I start to think about the witch, though. She’s pretty old. Obviously, the old bag’s gonna die soon. Moreover, she can’t be too quick on her feet or with that broom of hers. If I were to go with the stooges, I may have myself a chance at the witch and her treasure.
So, I went with them. Mind you, it was irratating as hell. The fool was always moaning and crying and losing his straw-stuffing, and the lion was always worrying about his shadow or his dirty paws or something. I’ll tell you something, though. Those paws were more worthless than dirty to me. That lion probably never worked a day in his life, let alone ever killed anything.
As we were making our way to Emerald City, it rained. Of course, you know that rain is just about the worse damn thing that can possibly happen to me.

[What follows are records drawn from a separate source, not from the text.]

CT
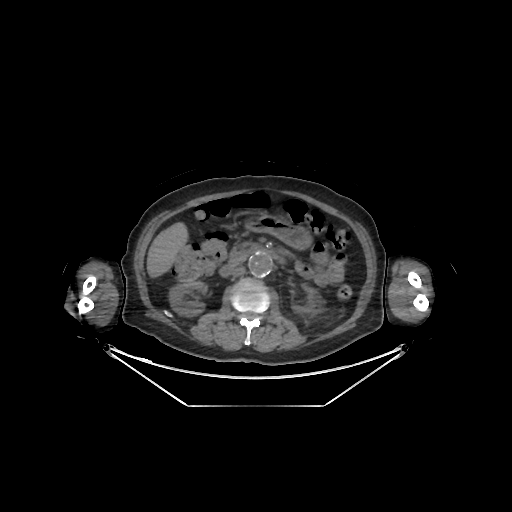
Liver = 147 223 186 275.
Bone = 231 282 268 344, 78 275 95 313, 408 271 428 311.
Kidney = 169 280 211 316, 291 285 320 317.
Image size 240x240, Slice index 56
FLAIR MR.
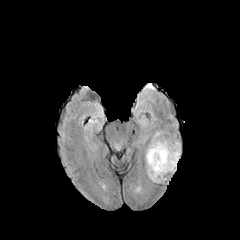
T1-weighted magnetic resonance.
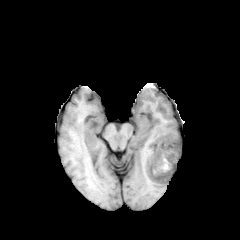
Post-contrast T1-weighted MR image.
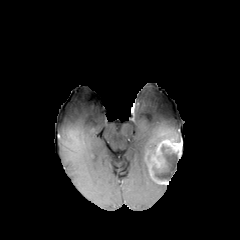
T2-weighted MRI.
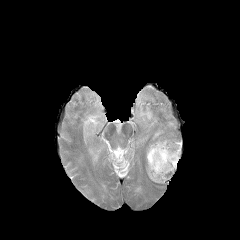
edema: [x1=143, y1=129, x2=179, y2=183] | enhancing tumor: [x1=162, y1=140, x2=181, y2=154]
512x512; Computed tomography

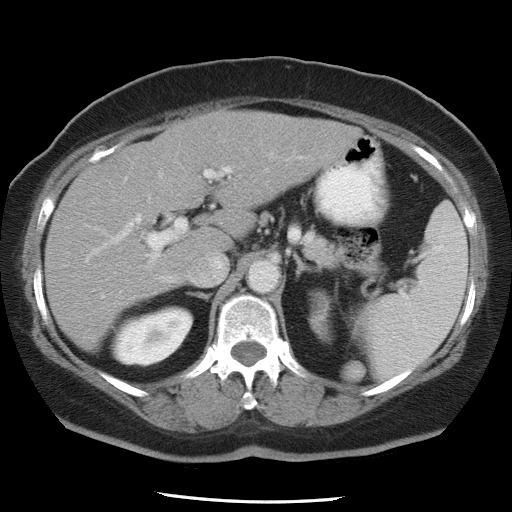 Some hepatic vessels may have no box.
- hepatic vessel: [x1=147, y1=214, x2=187, y2=256], [x1=137, y1=216, x2=140, y2=220], [x1=204, y1=166, x2=230, y2=177]
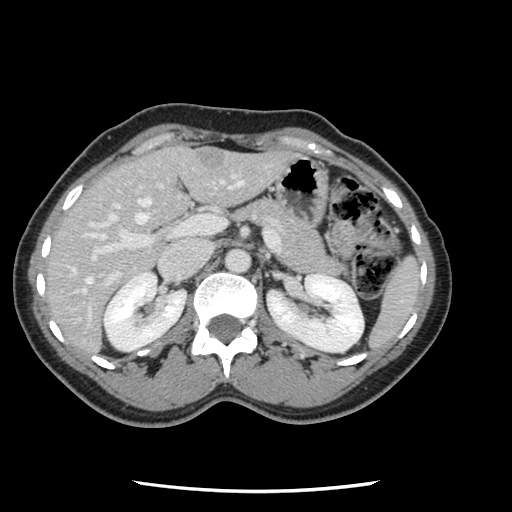 CT image, Abdomen
Some hepatic vessels may have no box.
Largest 15 of 16 hepatic vessel regions: [x1=82, y1=288, x2=84, y2=291], [x1=174, y1=214, x2=224, y2=233], [x1=135, y1=211, x2=148, y2=222], [x1=139, y1=198, x2=149, y2=205], [x1=157, y1=183, x2=160, y2=185], [x1=236, y1=180, x2=242, y2=185], [x1=92, y1=233, x2=104, y2=238], [x1=104, y1=214, x2=115, y2=224], [x1=233, y1=175, x2=234, y2=177], [x1=229, y1=185, x2=232, y2=187], [x1=86, y1=277, x2=91, y2=283], [x1=72, y1=269, x2=74, y2=272], [x1=89, y1=222, x2=92, y2=224], [x1=92, y1=230, x2=151, y2=257], [x1=107, y1=272, x2=118, y2=281].
Liver tumor: [x1=196, y1=154, x2=224, y2=168].
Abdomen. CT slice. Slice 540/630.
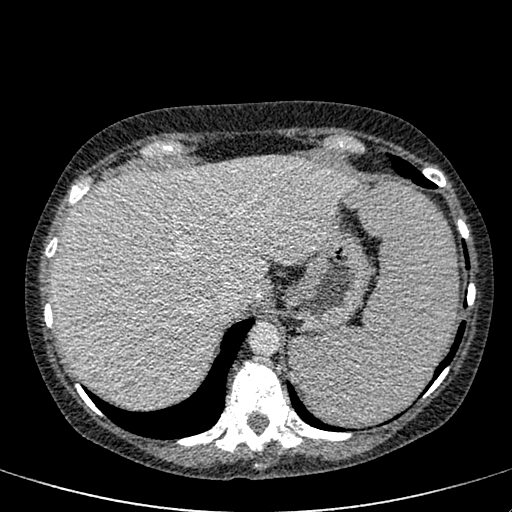
liver:
  - 54,157,356,407
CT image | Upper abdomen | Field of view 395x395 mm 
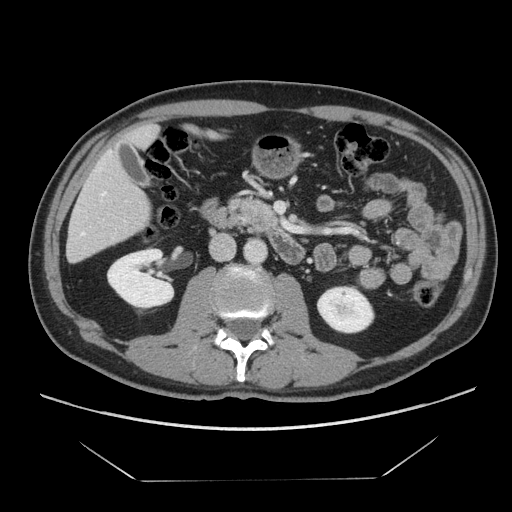 pancreas:
  - [232, 199, 276, 231]
pancreatic_tumor:
  - [247, 209, 271, 227]
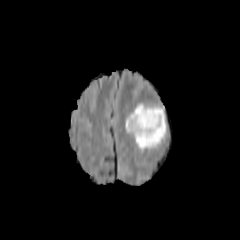
FLAIR MRI.
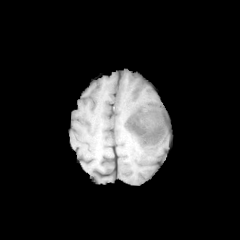
T1-weighted MR.
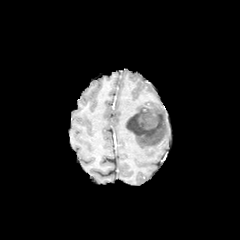
Post-contrast T1-weighted MR.
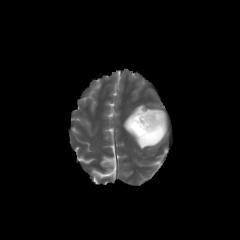
Same slice, T2-weighted MRI.
Brain
The edema is located at 125, 104, 169, 149. The non-enhancing tumor core lies within 127, 111, 160, 136.
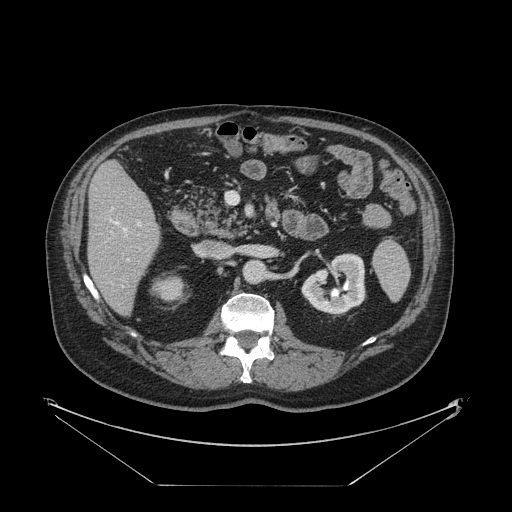

CT slice
The vessel boxes may cover only some of the vessels.
2 hepatic vessel regions appear at 127 258 128 260, 137 222 140 225.
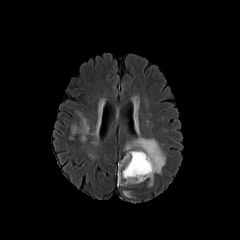
FLAIR MRI.
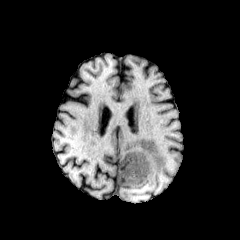
Same slice, T1-weighted MR.
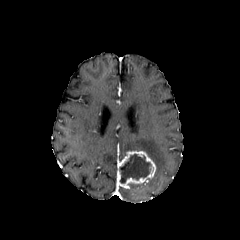
Post-contrast T1-weighted MR.
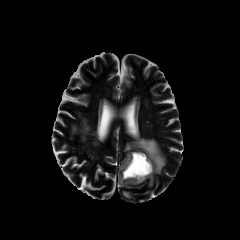
T2-weighted MR.
Brain.
Annotated regions:
• edema: (left=125, top=137, right=166, bottom=174)
• non-enhancing tumor core: (left=120, top=154, right=150, bottom=183)
• enhancing tumor: (left=116, top=150, right=156, bottom=188)
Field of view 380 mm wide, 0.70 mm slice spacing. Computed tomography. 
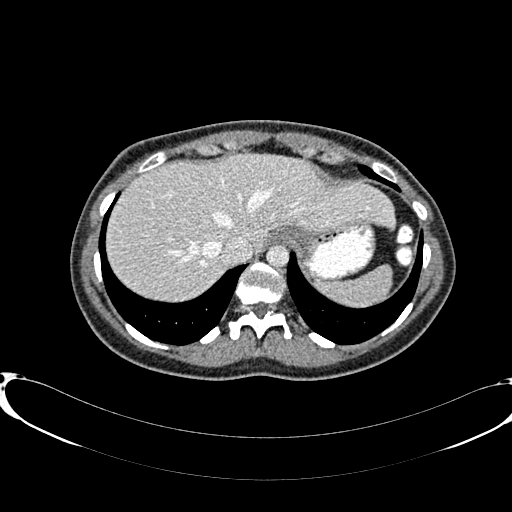

{"liver": ["<box>107,154,394,300</box>"]}
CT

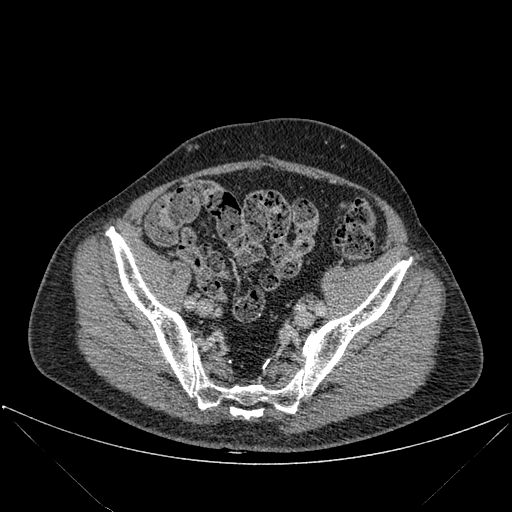 Annotated regions:
- bone: <box>230,407,263,418</box>, <box>106,227,411,413</box>
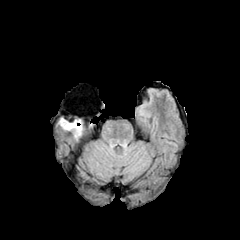
FLAIR MR image.
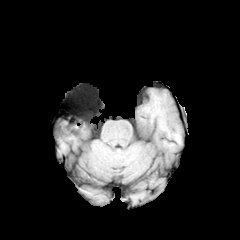
Same slice, T1-weighted magnetic resonance.
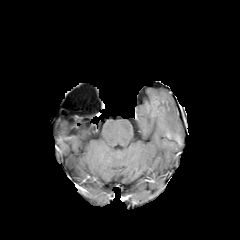
Post-contrast T1-weighted MR.
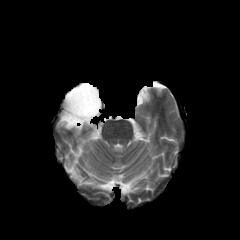
Same slice, T2-weighted MR image.
240x240
Non-enhancing tumor core = <bbox>62, 118, 75, 127</bbox>.
Edema = <bbox>59, 118, 82, 139</bbox>.
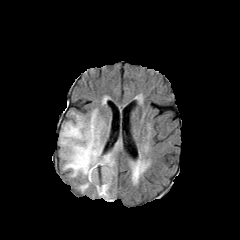
FLAIR magnetic resonance.
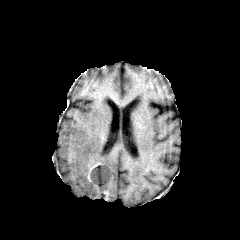
T1-weighted MR.
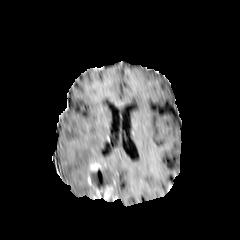
Same slice, post-contrast T1-weighted magnetic resonance.
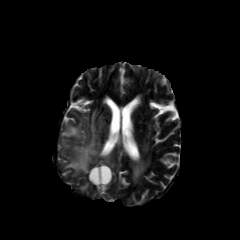
T2-weighted magnetic resonance of the same slice.
Image size 240x240
Enhancing tumor: bounding box 90,163,105,171.
Edema: bounding box 134,162,142,176; 59,109,115,192.
Non-enhancing tumor core: bounding box 89,166,111,195.
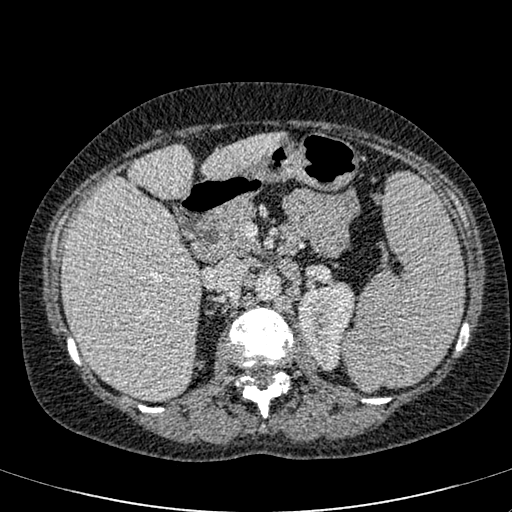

That’s my luck for you. But that Dorothy didn’t help my luck none too much, either.
I never did get any money from that witch, or even the heart that was promised me. I didn’t get nothing at all, as usual. It just goes to show you that you’ve got to depend on yourself, ’cause no one else out there will be looking after you if you don’t. I’m just happy that that girl is gone for good over that goddamned rainbow. Now I can get back to my own affairs.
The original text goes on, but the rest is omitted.